Helical Network Model for Twisted Bilayer Graphene

TL;DR

This paper introduces a helical network model to describe the low-energy electronic properties of twisted bilayer graphene under finite displacement fields, capturing the effects of stacking and moiré patterns.

Contribution

The study develops a phenomenological helical network model that accurately describes the low-energy physics of twisted bilayer graphene with displacement fields, highlighting the role of domain wall states.

Findings

Network band structure is gapless.

Presence of Dirac points in the band structure.

Density of states is periodic with zero and divergence points.

Abstract

In the presence of a finite interlayer displacement field bilayer graphene has an energy gap that is dependent on stacking and largest for the stable AB and BA stacking arrangements.
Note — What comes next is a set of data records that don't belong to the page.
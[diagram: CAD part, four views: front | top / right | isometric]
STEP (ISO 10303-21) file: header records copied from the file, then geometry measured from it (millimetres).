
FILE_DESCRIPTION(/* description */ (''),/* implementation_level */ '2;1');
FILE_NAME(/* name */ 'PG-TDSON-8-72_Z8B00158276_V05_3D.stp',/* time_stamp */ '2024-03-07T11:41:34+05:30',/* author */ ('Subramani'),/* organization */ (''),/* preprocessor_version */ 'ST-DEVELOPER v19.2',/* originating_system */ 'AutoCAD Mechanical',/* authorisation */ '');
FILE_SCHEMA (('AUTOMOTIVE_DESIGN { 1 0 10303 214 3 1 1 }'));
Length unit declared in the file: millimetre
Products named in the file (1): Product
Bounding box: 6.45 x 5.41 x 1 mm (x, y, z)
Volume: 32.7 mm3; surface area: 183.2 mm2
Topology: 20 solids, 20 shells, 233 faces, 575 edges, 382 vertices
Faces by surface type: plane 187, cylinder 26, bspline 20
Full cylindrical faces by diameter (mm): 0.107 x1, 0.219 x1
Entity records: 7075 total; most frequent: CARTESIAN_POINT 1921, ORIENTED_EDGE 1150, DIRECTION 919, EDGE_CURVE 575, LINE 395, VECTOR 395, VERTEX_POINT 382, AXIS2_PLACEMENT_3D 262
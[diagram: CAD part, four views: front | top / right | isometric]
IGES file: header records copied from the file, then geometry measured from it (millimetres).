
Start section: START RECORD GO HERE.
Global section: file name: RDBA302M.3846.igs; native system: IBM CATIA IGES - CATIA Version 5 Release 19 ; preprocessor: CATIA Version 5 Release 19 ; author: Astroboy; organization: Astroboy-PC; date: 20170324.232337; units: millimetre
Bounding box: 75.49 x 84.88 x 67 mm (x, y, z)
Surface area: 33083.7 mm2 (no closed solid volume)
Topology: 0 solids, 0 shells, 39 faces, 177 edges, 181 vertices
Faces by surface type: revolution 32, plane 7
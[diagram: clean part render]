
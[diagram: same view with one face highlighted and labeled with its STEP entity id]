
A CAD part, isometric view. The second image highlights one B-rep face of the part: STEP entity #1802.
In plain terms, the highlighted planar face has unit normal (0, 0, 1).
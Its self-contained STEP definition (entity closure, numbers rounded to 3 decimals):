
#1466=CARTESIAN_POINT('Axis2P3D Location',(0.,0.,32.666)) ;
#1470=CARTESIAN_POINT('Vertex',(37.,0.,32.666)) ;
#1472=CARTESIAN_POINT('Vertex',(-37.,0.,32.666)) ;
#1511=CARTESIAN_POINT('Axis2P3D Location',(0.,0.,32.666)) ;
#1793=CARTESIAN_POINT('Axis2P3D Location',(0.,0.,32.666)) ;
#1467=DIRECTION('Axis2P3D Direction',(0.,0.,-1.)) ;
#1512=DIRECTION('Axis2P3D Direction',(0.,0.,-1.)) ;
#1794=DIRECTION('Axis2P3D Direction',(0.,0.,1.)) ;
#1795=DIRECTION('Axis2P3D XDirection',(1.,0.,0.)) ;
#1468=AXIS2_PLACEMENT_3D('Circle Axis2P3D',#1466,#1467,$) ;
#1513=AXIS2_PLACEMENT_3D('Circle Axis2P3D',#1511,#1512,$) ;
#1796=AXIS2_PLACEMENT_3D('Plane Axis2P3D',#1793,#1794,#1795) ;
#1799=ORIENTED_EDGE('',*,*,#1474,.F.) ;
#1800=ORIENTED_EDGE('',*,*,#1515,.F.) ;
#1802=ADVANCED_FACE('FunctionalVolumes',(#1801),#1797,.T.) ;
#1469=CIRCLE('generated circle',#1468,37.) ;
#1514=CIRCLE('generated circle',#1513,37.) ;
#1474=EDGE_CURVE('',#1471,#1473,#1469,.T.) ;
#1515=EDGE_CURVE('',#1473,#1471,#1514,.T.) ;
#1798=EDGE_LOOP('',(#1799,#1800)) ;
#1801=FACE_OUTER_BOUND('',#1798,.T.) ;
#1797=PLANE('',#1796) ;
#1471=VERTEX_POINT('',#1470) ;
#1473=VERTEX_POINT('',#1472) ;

When the relative orientations between layers are twisted through a small angle to form a moir$\mathrm{\acute{e}}$ pattern, the local stacking arrangement changes slowly. We show that for non-zero displacement fields the low-energy physics of twisted bilayers is captured by a phenomenological helical network model that describes electrons localized on domain walls separating regions with approximate AB and BA stacking. The network band structure is gapless and has of a series of two-dimensional bands with Dirac band-touching points and a density-of-states that is periodic in energy with one zero and one divergence per period.